第二十二話
麻衣が校舎とは少し離れた図書館に入ると由宇が一人で料理雑誌を広げて真剣に読み込んでいた。どうやら本に夢中でこっちにはまだ気が付いていないようだった。
図書館は校舎とは違う建物になっているけど上が視聴覚室になっているのでたまに授業で来ることがあるので校舎とは近くにあった。いくつか建物があるけど遠い建物は歩いて十分以上かかる場所にあったりするのでまだ校舎に近い位置にあると言える。

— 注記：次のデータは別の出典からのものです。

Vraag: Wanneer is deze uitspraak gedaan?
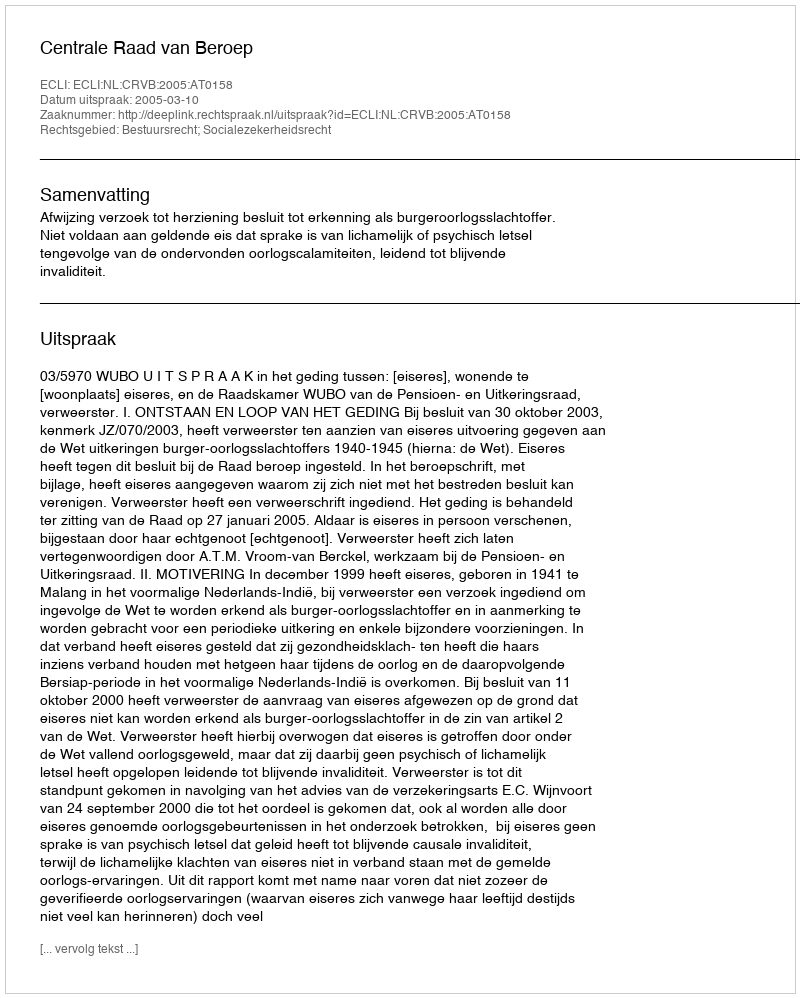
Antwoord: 2005-03-10

由宇の後ろから抱き着くと、声を出さずにびくっとした。麻衣が離れて由宇は後ろを向いて抱き着いてきたのが麻衣と確認すると安心したように「ほおぅ」と息を吐いて小さな声で
「どうしたの?」
と聞いてきた。
「愛理にいじめられたからかまってもらいに来た。」
「ふふっ、仲良しだね。」
と言って由宇は隣に座って机の上に伏せた麻衣の頭をなでた。由宇は初めからいじめられたことがただ単に嘘でただ単に仲良く話してたんだろうなぁ、というような顔でほほ笑んでいた。まぁ麻衣にとっても実際にからかわれただけで、いじめられたなんて思ってないから問題ないけど由宇はこうゆうところは察しがよく麻衣が伝えたいことをすんなり汲み取ってくれる。あんまり口数が多くないというか、言葉を端折り気味の麻衣の話でも由宇はいつも正確に受け取ってくれる。
「ここに来るなんて珍しいね。」
「うん。最近由宇と話すことがなかったから。」
「そっか、そうかも。ごめんねぇ。」
実際に一緒に住んでいるので家に帰れば話すし、学校にいても話はしているのでそんなことはないけど、由宇は麻衣の言いたいことを読み取ってくれて再び頭をなでてくれた。
「確かに最近はずっと本読んでて考え事してたきがする。」
「うん。」
「じゃあ帰ろうか。」
「えっ?いいの。まだ読んでる途中だけど。」
「うん。本当は作るものはなんとなく決まってきてたんだ。でも読んでいるうちに楽しくなってきちゃって。」
「そうなの?」
「ごめんねー。すぐ返してくるからちょっと待っててね。」
と言って由宇は雑誌を持ってどこかに行ってしまった。